CCDC No.s 2220399 (I), 2220403 (II_mon), 2220402 (II_tr), and 2227022 (III) contain the supplementary crystallographic data for this paper. These data can be obtained free of charge from The Cambridge Crystallographic Data Center via http://www.ccdc.cam.ac.uk (accessed on 1 November 2022).

3.5. ATR FT–IR Spectra

FT–IR spectra were measured using a JASCO FT/IR-6600 spectrometer on an ATR PRO ONE Technologies attachment with a diamond crystal PKS-D1F, using the ATR method in the range of 4000–250 cm⁻¹. Solid samples were placed on the diamond crystal without sample preparation. When analyzing the organic phases (extracts), the preconcentration was performed by removing the solvent under vacuum.

4. Conclusions

Extraction of lithium from aqueous solutions of LiNTf₂ and LiCl salts was studied when using benzo-15-crown 5 ether (B15C5) as an extractant in the ionic liquid [C8mim][NTf₂]. It was shown that the system with LiNTf₂ has significant advantages over the systems with LiCl (including better extraction, lower transfer of the extractant into the aqueous phase, and no loss of ionic liquid), provided that the concentration of LiNTf₂ does not exceed 2 M.

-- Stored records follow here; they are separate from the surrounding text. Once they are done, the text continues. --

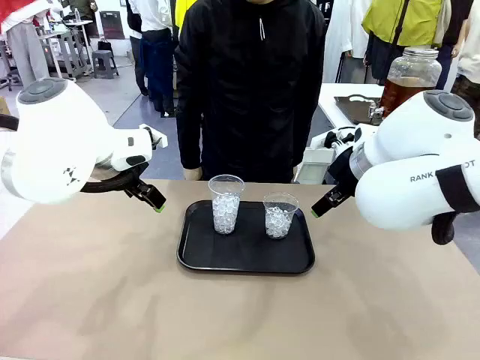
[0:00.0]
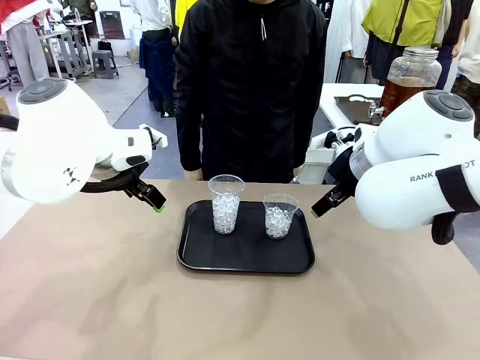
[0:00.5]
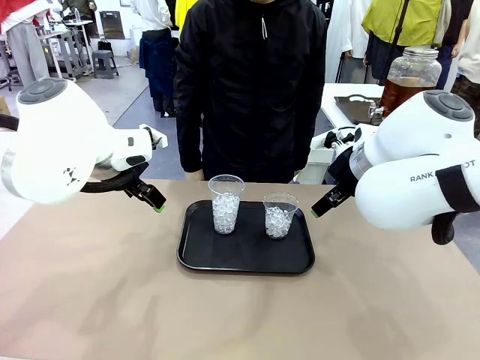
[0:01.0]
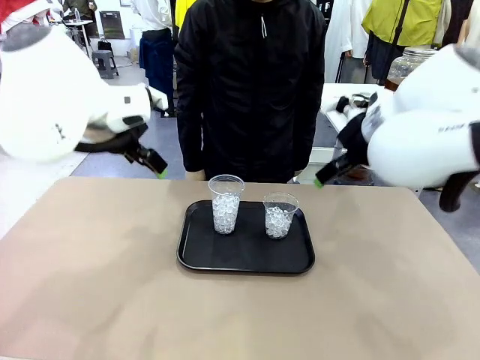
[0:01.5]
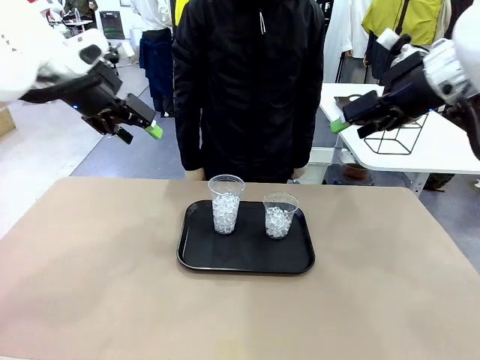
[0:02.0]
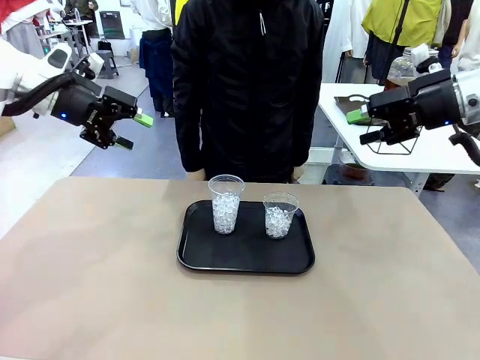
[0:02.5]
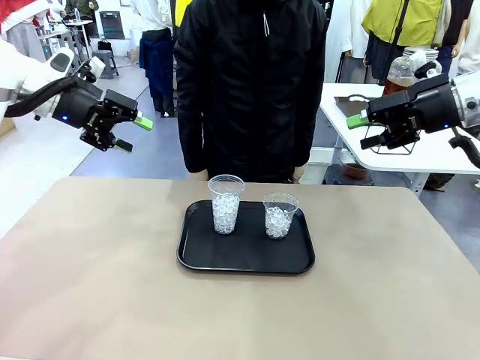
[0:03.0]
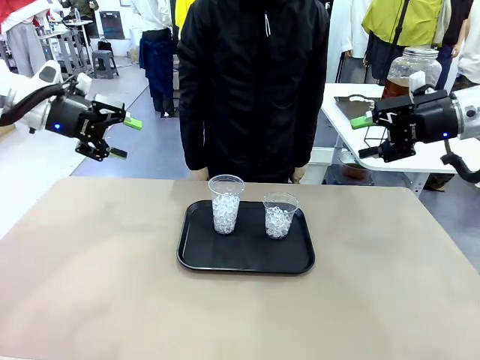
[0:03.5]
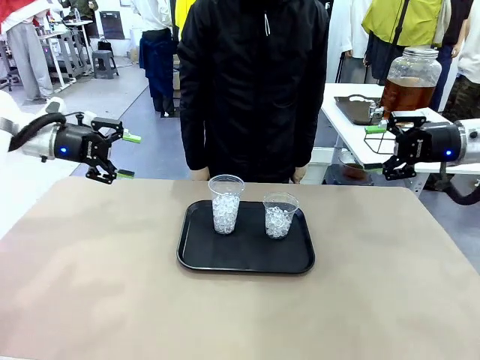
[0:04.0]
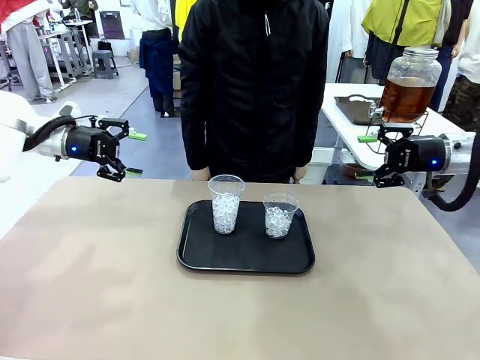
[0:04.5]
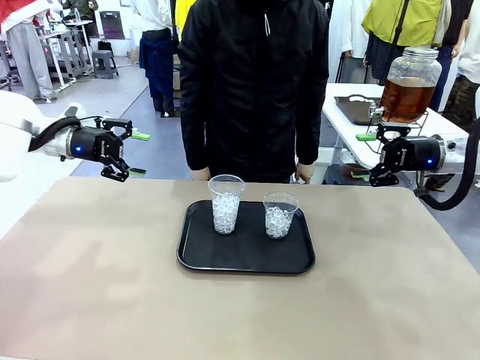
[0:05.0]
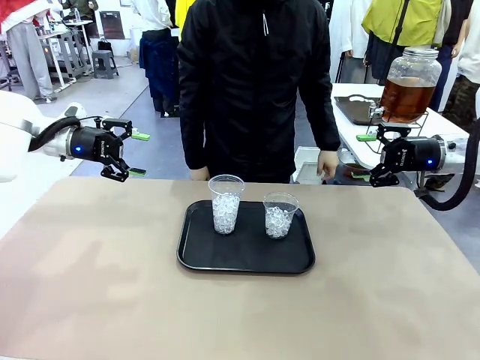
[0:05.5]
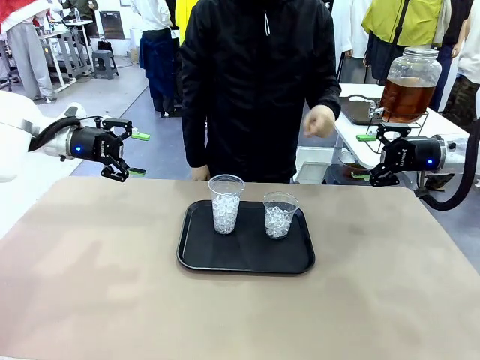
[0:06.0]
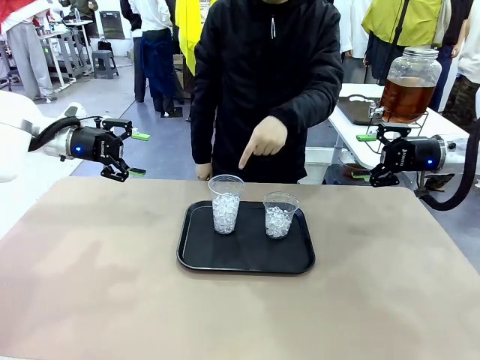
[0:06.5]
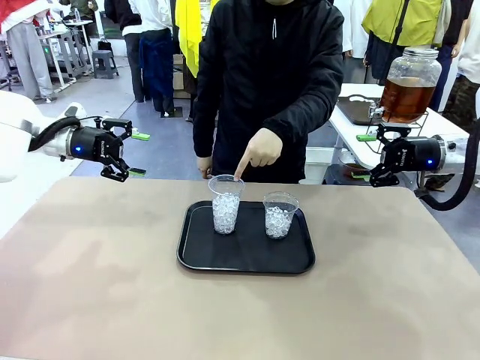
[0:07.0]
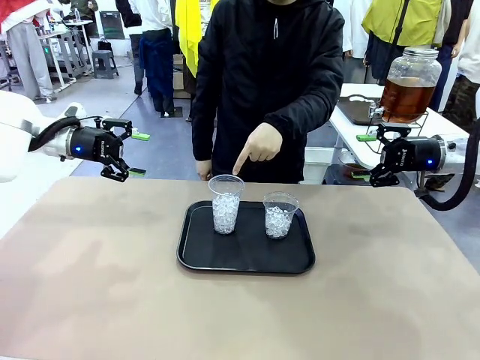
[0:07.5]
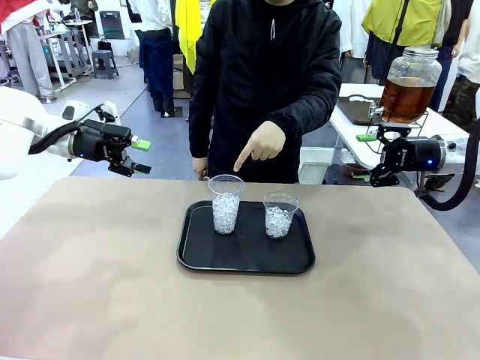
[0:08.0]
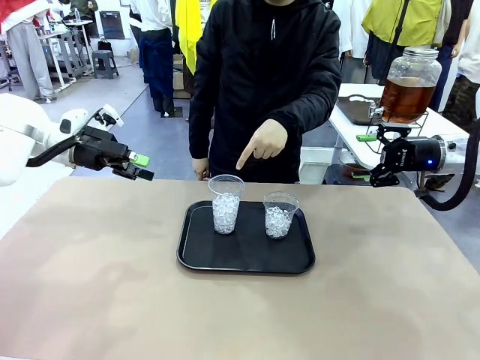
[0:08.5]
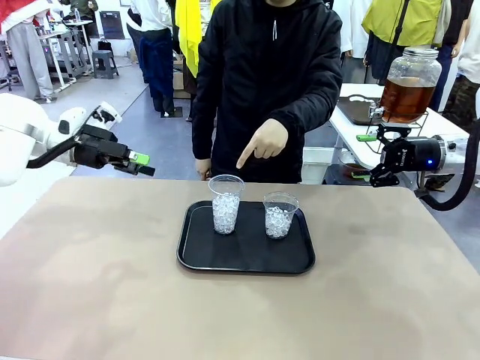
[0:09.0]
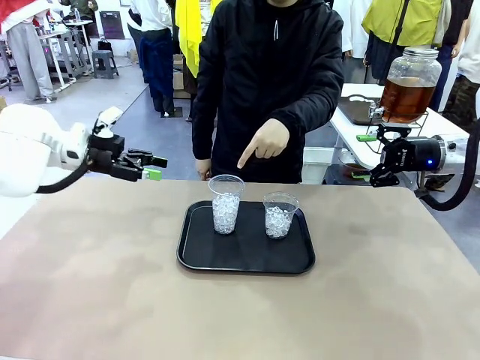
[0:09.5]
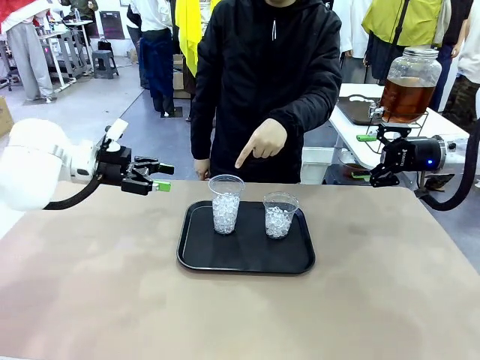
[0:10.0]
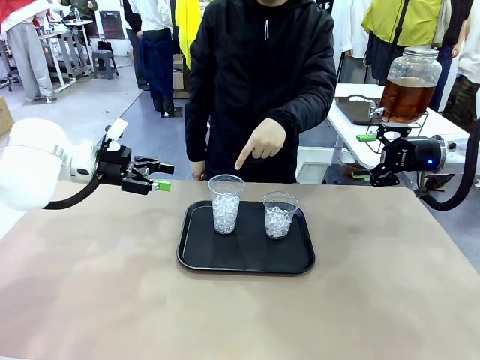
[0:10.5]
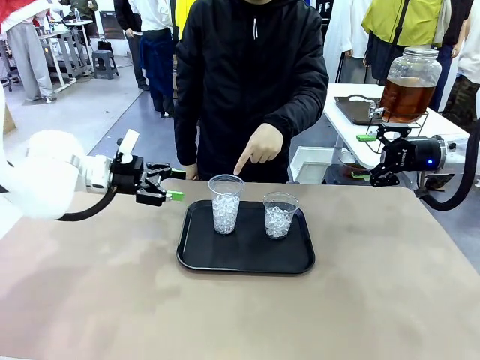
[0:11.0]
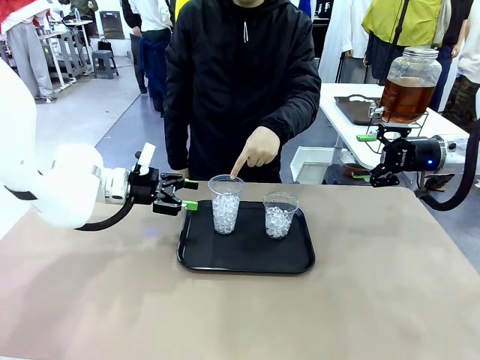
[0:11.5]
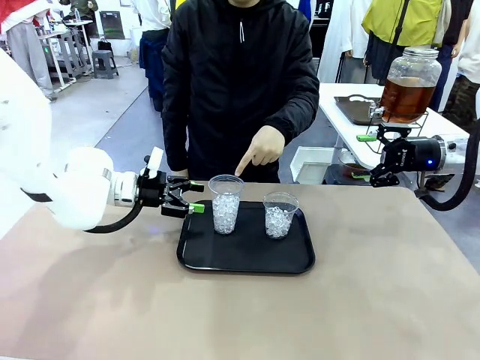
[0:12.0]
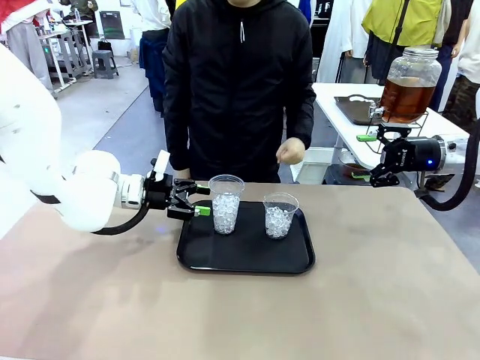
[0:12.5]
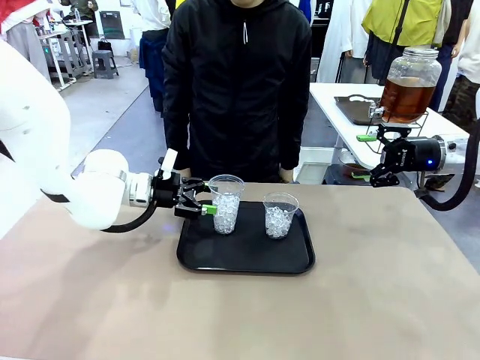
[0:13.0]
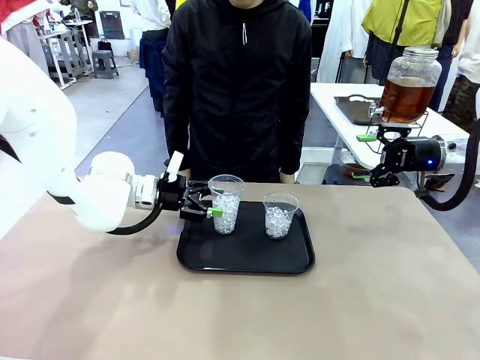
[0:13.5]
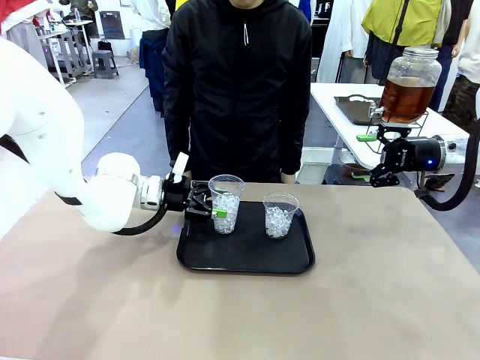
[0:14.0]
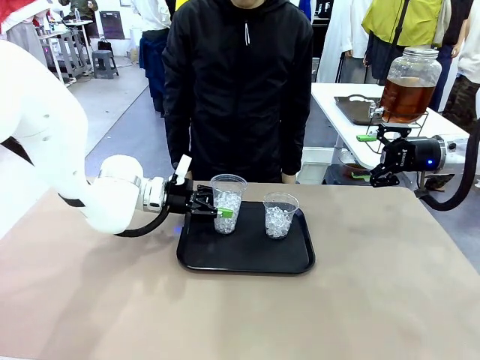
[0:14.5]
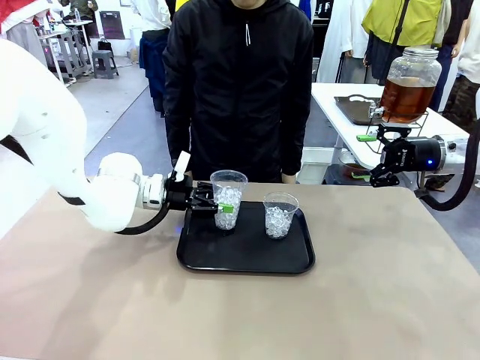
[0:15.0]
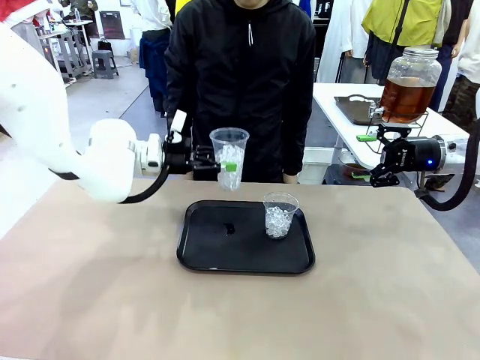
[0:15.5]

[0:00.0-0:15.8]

LiNTf₂ complexes with B15C5 with different LiNTf2:B15C5 ratios were first isolated and characterized by PCA and IR spectroscopy, viz: [Li(B15C5)(H₂O)(NTf₂)] (I), [Li(B15C5)_1.5(H₂O)](NTf₂) (II), [Li(B15C5)₂(H₂O)](NTf₂) (III).

Based on the extraction data and IR spectroscopic investigation of the extraction systems, it was found that the extraction of LiNTf₂ by the B15C5-[C8mim][NTf₂] system extracts the complex of composition (I)-[Li(B15C5)(H₂O)(NTf₂)]. When lithium is extracted from LiCl aqueous solution, an anhydrous complex composition-[Li(B15C5)(NTf₂)] is primarily formed.